I am trying out Pindel (https://github.com/genome/pindel) with our exome data, and even on demo datasets it is taking extremely long to run, way longer than is feasible in a production setting. Using Pindel version 0.2.5b9, 20160729, running in Singularity container on our HPC cluster. My config file looks like this:
$ cat pindel_config.txt SeraCare.dd.bam 500 Tumor HapMap.dd.bam 500 Normal
My command looks like this:
pindel --fasta genome.hg19.fa \ --config-file pindel_config.txt \ --output-prefix output/ \ --number_of_threads 40 \ --include targets.bed
I am running with 40 CPU threads, in a SLURM job with 320GB RAM allocated. My
targets.bed has 10,600 regions. Judging from the logs, Pindel is correctly searching in only the supplied target regions. However, after 6 hours, it has only gotten through 4,500 regions of the 10,600 provided. At this rate, it will take ~10 hours to finish; however this is only a demo dataset, it will likely take much longer on our real exome samples, and I have to run many of these per sequencing run. That will far exceed our available time and compute resources.

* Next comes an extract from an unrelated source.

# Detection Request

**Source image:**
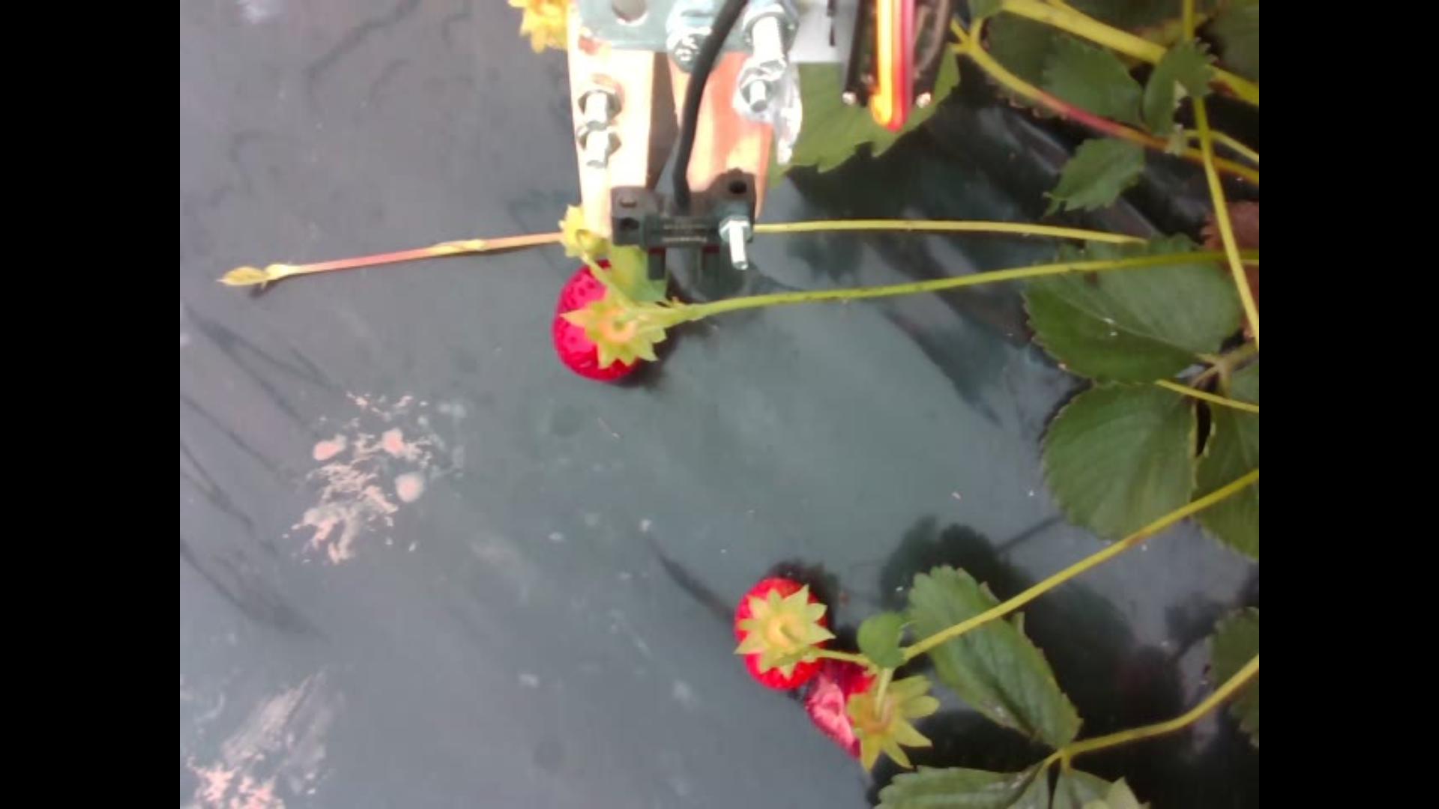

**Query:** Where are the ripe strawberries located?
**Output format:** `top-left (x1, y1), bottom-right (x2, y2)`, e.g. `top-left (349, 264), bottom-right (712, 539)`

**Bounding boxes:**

It seems I need to chunk the areas of the genome for Pindel to analyze further so that I can run more jobs in parallel for a more reasonable completion time. However I am not sure what the best method for this is, I do not want to compromise the integrity of the results. Is it safe to chunk per-chromosome? Or could I chunk even further, supplying only ~100 target regions per job without affecting the results?